Emerging growth company ☐
If an emerging growth company, indicate by check mark if the registrant has elected not to use the extended transition period for complying with any new or revised financial accounting standards provided pursuant to Section 13(a) of the Exchange Act. ☐
Item 1.01. | Entry into a Material Definitive Agreement. |
Warehouse Facility
On October 17, 2019, Regional Management Corp. (the “Company”) and its wholly-owned subsidiary, Regional Management Receivables II, LLC (the “Borrower”), entered into an Amended and Restated Credit Agreement, by and among the Company, as servicer, the Borrower, the lenders from time to time parties thereto (the “Lenders”), the agents from time to time parties thereto, Wells Fargo Bank, National Association, as account bank, image file custodian, and backup servicer, Wells Fargo Bank, National Association, as administrative agent, and Credit Suisse AG, New York Branch, as structuring and syndication agent (the “Credit Agreement”). The Credit Agreement was amended and restated to, among other things, add each of Regional Finance Company of Missouri, LLC and Regional Finance Corporation of Wisconsin as an “Originator,” extend the revolving period to April 2021, raise certain concentration limits, and make certain other agreed-upon changes as reflected in prior amendments executed in connection with the Credit Agreement. The legal final maturity date under the Credit Agreement is April 2022.
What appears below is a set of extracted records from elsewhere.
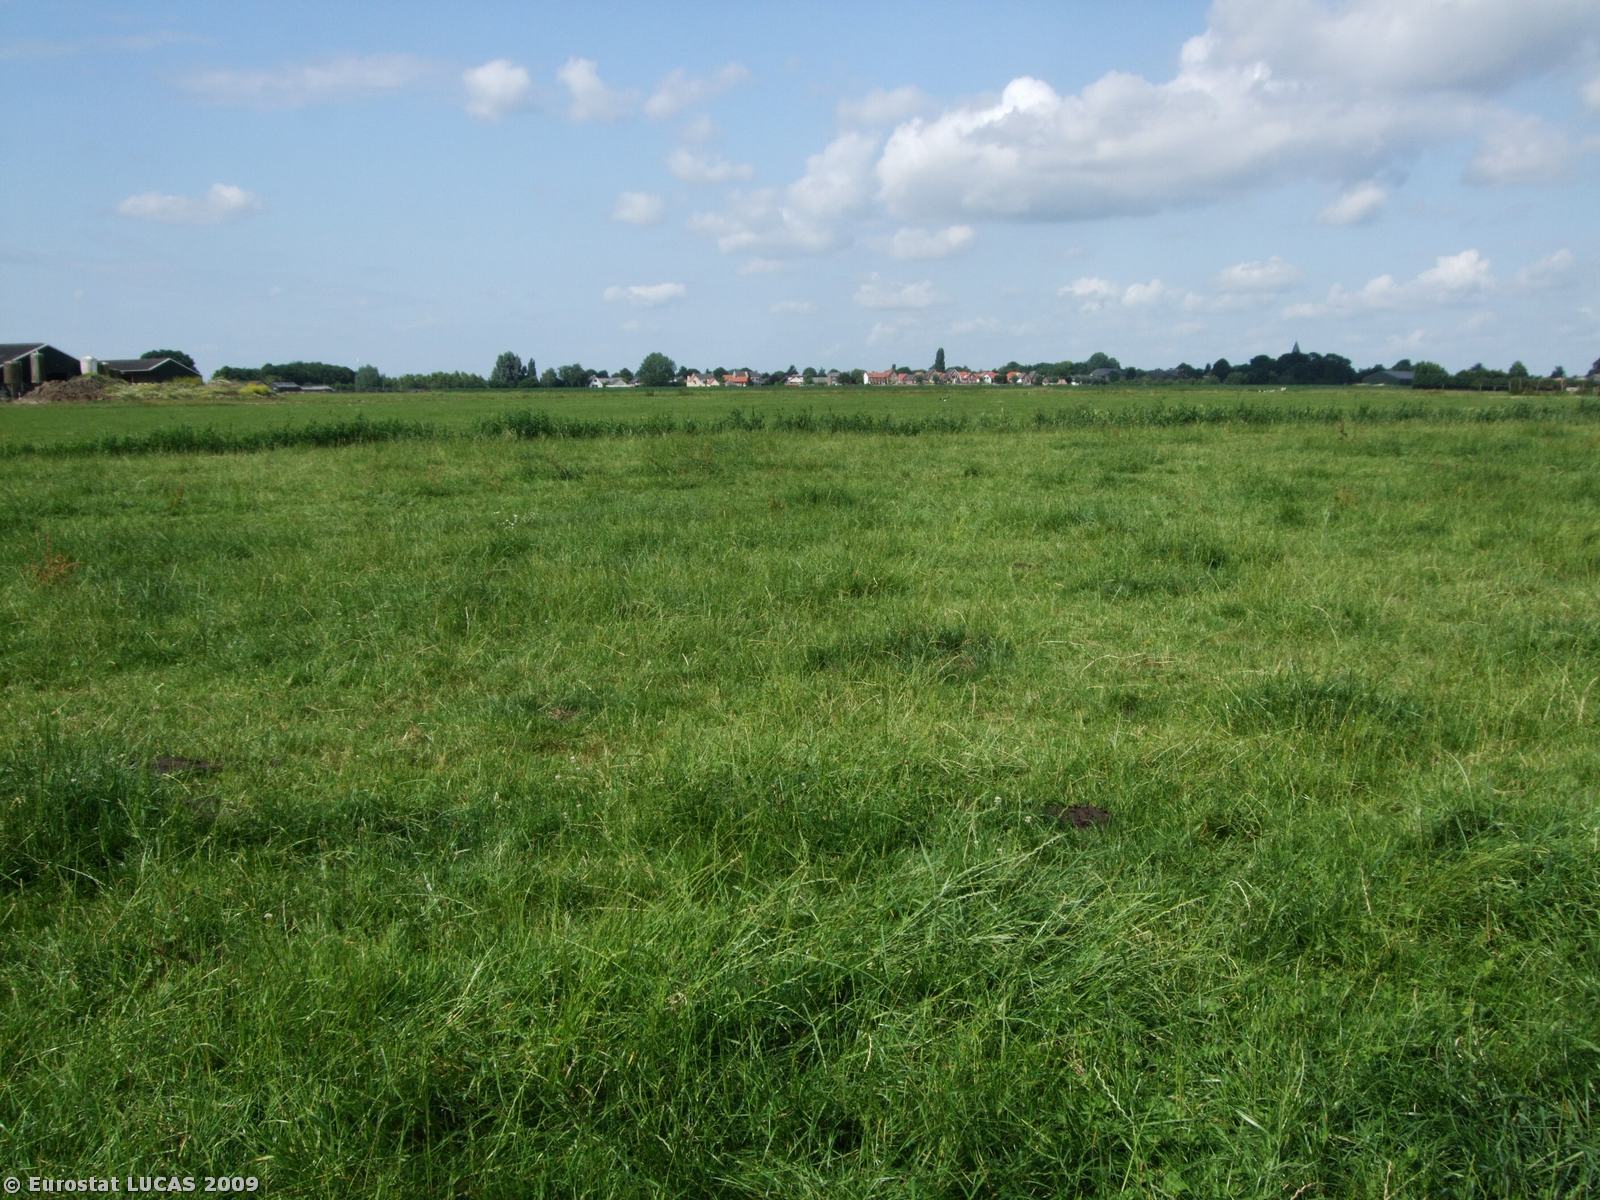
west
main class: Grassland
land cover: Grassland without tree/shrub cover
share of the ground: > 75 %
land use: Agriculture (excluding fallow land and kitchen gardens)
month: July
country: NL
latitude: 51.9435
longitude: 5.3282

The Lenders under the Credit Agreement (and their respective affiliates) have in the past provided and/or may in the future provide investment banking, underwriting, lending, commercial banking, trust, and other advisory services to the Company and its subsidiaries and affiliates. These parties have received, and may in the future receive, customary compensation from the Company and its subsidiaries and affiliates for such services.
For a complete description of the terms of the Credit Agreement, see Exhibit 10.1 hereto. The foregoing description is only a summary, does not purport to be complete, and is qualified in its entirety by reference to the full text of the Credit Agreement, which is incorporated by reference herein.
Item 2.03. | Creation of a Direct Financial Obligation or an Obligation under anOff-Balance Sheet Arrangement of a Registrant. |
The information set forth under Item 1.01 of this Current Report on Form8-K is incorporated by reference herein.
Item 9.01. | Financial Statements and Exhibits. |
(d) Exhibits.
SIGNATURES
Pursuant to the requirements of the Securities Exchange Act of 1934, the registrant has duly caused this report to be signed on its behalf by the undersigned hereunto duly authorized.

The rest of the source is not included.